我有一个 Cover 模型,在cover.rb文件中,我还定义了一个名为 size 的方法,该方法返回一个表示"小、中、大"的整数。我的问题是如何检索所有小/中/大封面?我的猜测是使用 scope ,但我无法弄清楚如何将 size 方法作为条件传递。
class Cover < ActiveRecord::Base
attr_accessible :length, :width
# TODO
scope :small
scope :intermediate
scope :large
# I have simplified the method for clarity.

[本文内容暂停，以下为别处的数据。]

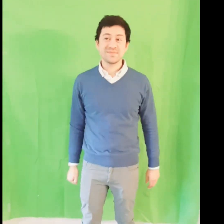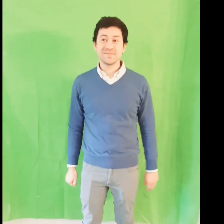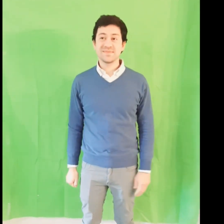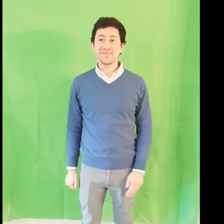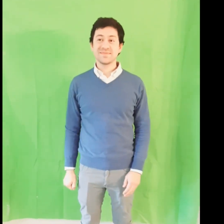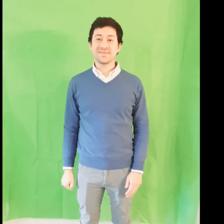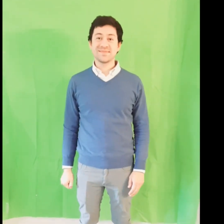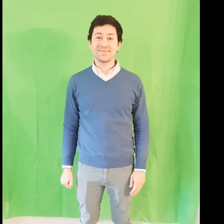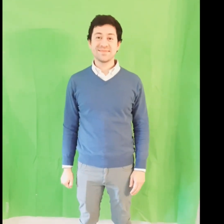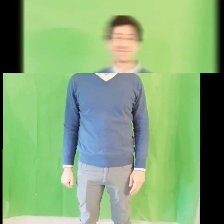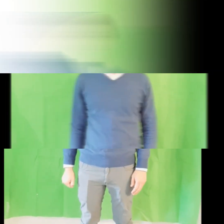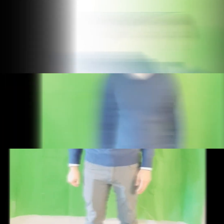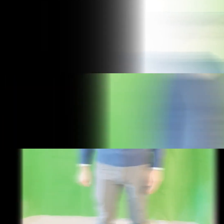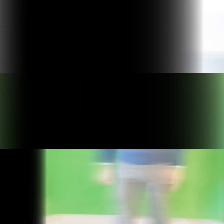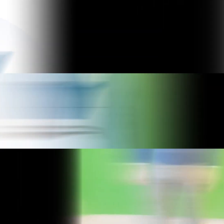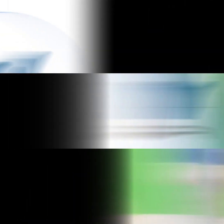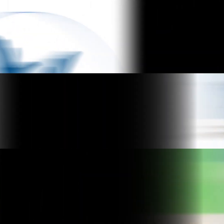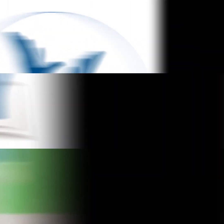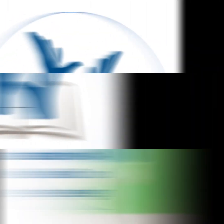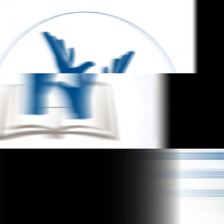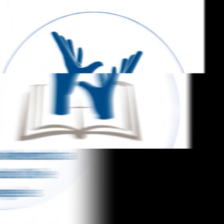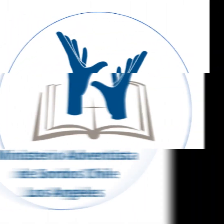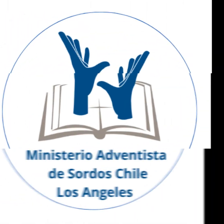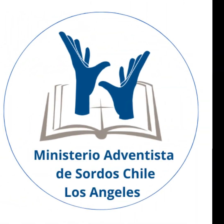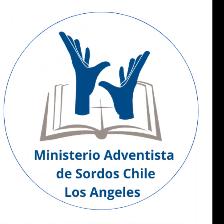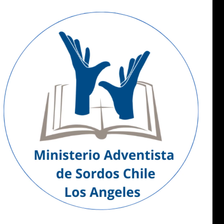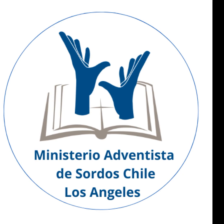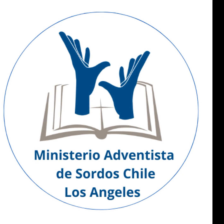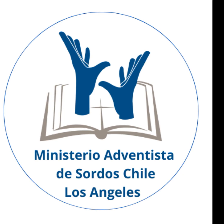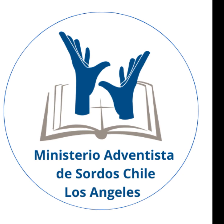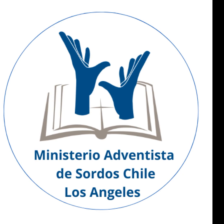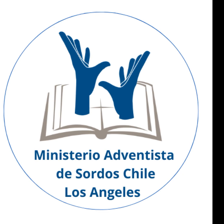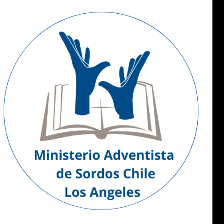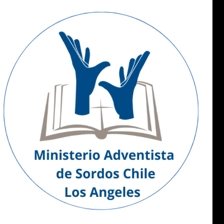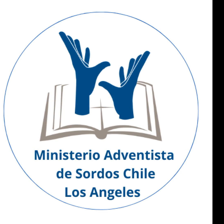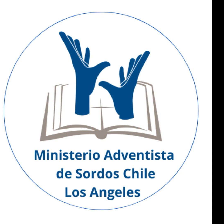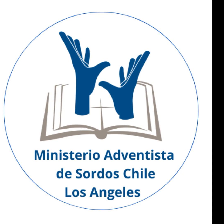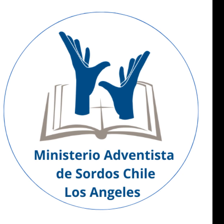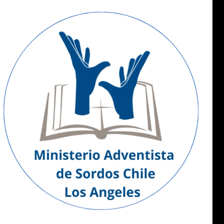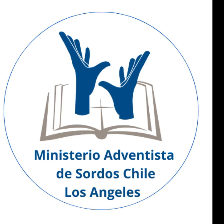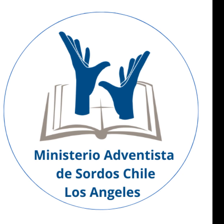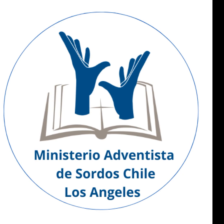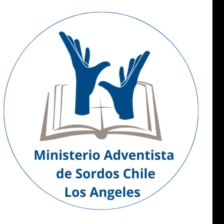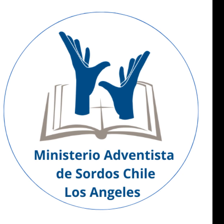Aunque quedan mil canciones que tenemos que escribir

# 0 - small; 1 - intermediate; 2 - large
def size
std_length = std_width = 15
if length < std_length && width < std_width
0
elsif length > std_length && width > std_width
2
else
1
end
end
end
这可以工作:
class Cover < ActiveRecord::Base
attr_accessible :length, :width
scope :of_size, lambda{ |size|
case size
when :small
where('width < 15 AND height < 15')
when :large
where('width > 15 AND height > 15')
when :intermediate
where('(width < 15 AND height > 15) OR (width > 15 AND height < 15)')
else
where(id: -1) # workaround to return empty AR::Relation
}
def size
std_length = std_width = 15
return :small if length < std_length && width < std_width
return :large if length > std_length && width > std_width
return :intermediate
end
end
并像这样使用它:
Cover.of_size(:small) # => returns an array of Cover with size == small
要使其与多个参数一起使用:
# in the model:
scope :of_size, lambda{ |*size| all.select{ |cover| [size].flatten.include?(cover.size) } }
# how to call it:
Cover.of_size(:small, :large) # returns an array of covers with Large OR Small size
我认为最简单的解决方案是类方法:
def self.small
Cover.all.select {|c| c.size == 0}
end
如果您正在考虑传递三种尺寸之一,不妨调用三种范围之一。 它会更具可读性。
scope :small, where('width < 15 AND height < 15')
scope :large, where('width > 15 AND height > 15')
scope :intermediate, where('(width < 15 AND height > 15) OR (width > 15 AND height < 15)')